4. In assessing whether the SSHD acted unreasonably in challenging the First-tier Tribunal decision in the proceedings in the Upper Tribunal we have considered the decisions of Ridehalgh v Horsefield [1994] Ch 205, Cancino (costs - First-tier Tribunal - new powers) [2015] UKFTT 59 (IAC), and Thapa & Ors (costs: general principles; s 9 review) [2018] UKUT 54 (IAC). We have additionally had regard to the Presidential Guidance Note No 2 of 2018 on wasted costs and unreasonable costs. we note that the basic test is whether there is a reasonable explanation for the conduct under scrutiny.
5. We further note that the award of costs is always discretionary, even in cases where the qualifying conditions are satisfied, that orders for costs will be very much the exception rather than the rule and will be reserved to the clearest cases, and that any application for wasted costs will be governed in the main by the principles of fairness, expedition and proportionality.

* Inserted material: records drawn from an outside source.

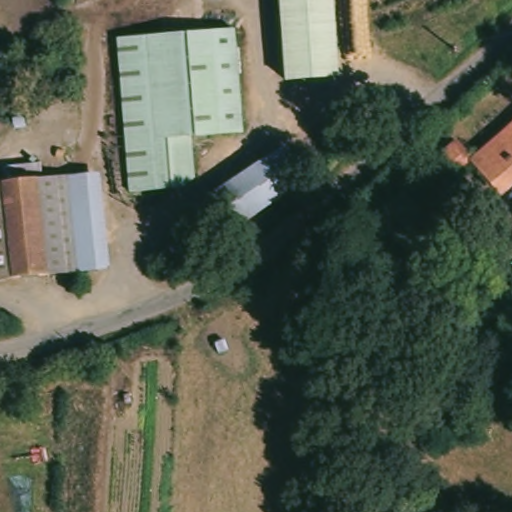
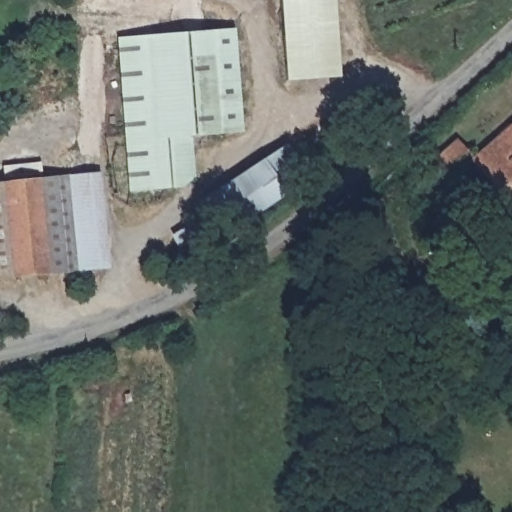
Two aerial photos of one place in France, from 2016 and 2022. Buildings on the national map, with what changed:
unchanged [(294,80),(287,0),(343,0),(345,32),(346,37),(348,66),(348,74),(294,80)]
unchanged [(238,28),(247,129),(199,135),(202,176),(184,186),(139,190),(124,39),(238,28)]
unchanged [(509,192),(496,176),(482,159),(512,133),(512,190),(509,192)]
unchanged [(468,162),(448,180),(434,163),(464,138),(482,159),(473,167),(468,162)]
unchanged [(319,182),(227,242),(202,207),(294,142),(319,182)]
unchanged [(64,168),(93,166),(105,261),(74,265),(74,254),(65,174),(64,168)]
unchanged [(75,283),(0,291),(0,176),(64,168),(65,174),(74,254),(74,265),(75,283)]

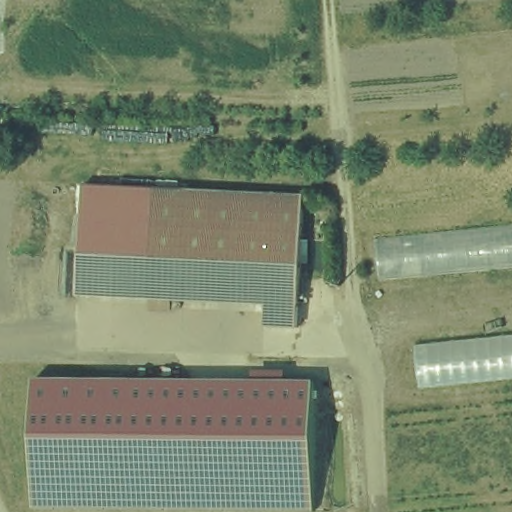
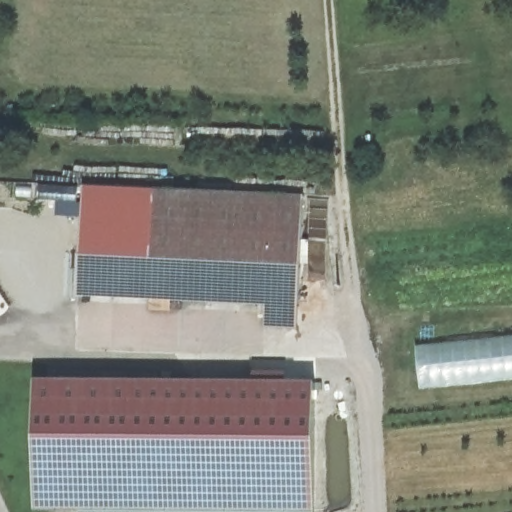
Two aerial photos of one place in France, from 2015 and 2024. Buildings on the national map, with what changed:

6. Our reasons for granting the application are as follows. The conduct that is under consideration is the respondent's application for permission to appeal, and his pursuit of the appeal to the Upper Tribunal hearing, on the basis that the First-tier Tribunal judge arguably erred in law in finding that the SSHD had not discharged the initial evidential burden in an ETS case. The first and principle ground was entirely premised on the First-tier Tribunal's alleged misinterpretation of the ETS evidence. The ground contends that the judge erred in finding ETS's assessment to be 'questionable' when it was in fact 'invalid'. We are satisfied beyond doubt that the ETS assessment concluded that the applicant's test result was 'questionable' and not 'invalid'. A very specific factual assertion was made in the grounds that was wholly inconsistent with the actual documentation that we consider must have been before the author of the grounds when they were settled. It is almost inconceivable that grounds asserting a factual mistake by a judge could have been settled without consideration of the ETS test Result at Annex A of the supplementary bundle of documents. We do not consider that a hypothetical reasonably competent civil servant would could have settled and relied on a principle ground of appeal that contains a fundamental and obvious factual error. Mr Tufan was unable to offer any reasonable explanation for this fundamental misapprehension of the evidence.

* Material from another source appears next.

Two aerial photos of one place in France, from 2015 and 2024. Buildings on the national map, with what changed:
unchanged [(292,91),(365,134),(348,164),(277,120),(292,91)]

7. The remaining grounds only came into play if there was an arguable error in respect of the judge's assessment as to whether the SSHD discharged the initial evidential burden. For the reasons given by the judge, and in light of his accurate assertion that the ETS test result was not 'invalid', his conclusion was unassailable in the context of the principle challenge mounted in the grounds.
8. The SSHD's inaccurate and, we find, unreasonable conduct in respect of the ETS test result directly caused the claimant to incur the costs of having to pay counsel to draft issue a detailed rule 24 notice and to appear at the 'error of law' heating. We find there is a direct causal link between the unreasonable conduct and the costs incurred.
DECISION
9. The application for an unreasonable costs order is duly granted.
10. We do not consider it appropriate to award the claimant the legal fees for the adjournment request (£300), or counsel's costs for drafting the adjournment request (£900). The adjournment request was not granted and was without merit given the ability of alternative counsel to represent the claimant. We do however consider it appropriate to summarily award the claimant the costs of preparing the appeal hearing and counsel's fees for preparing the appeal hearing, including the drafting of the detailed rule 24 response (amounting to £2,250). The SSHD will pay the claimant's wasted costs in the sum of £2,250.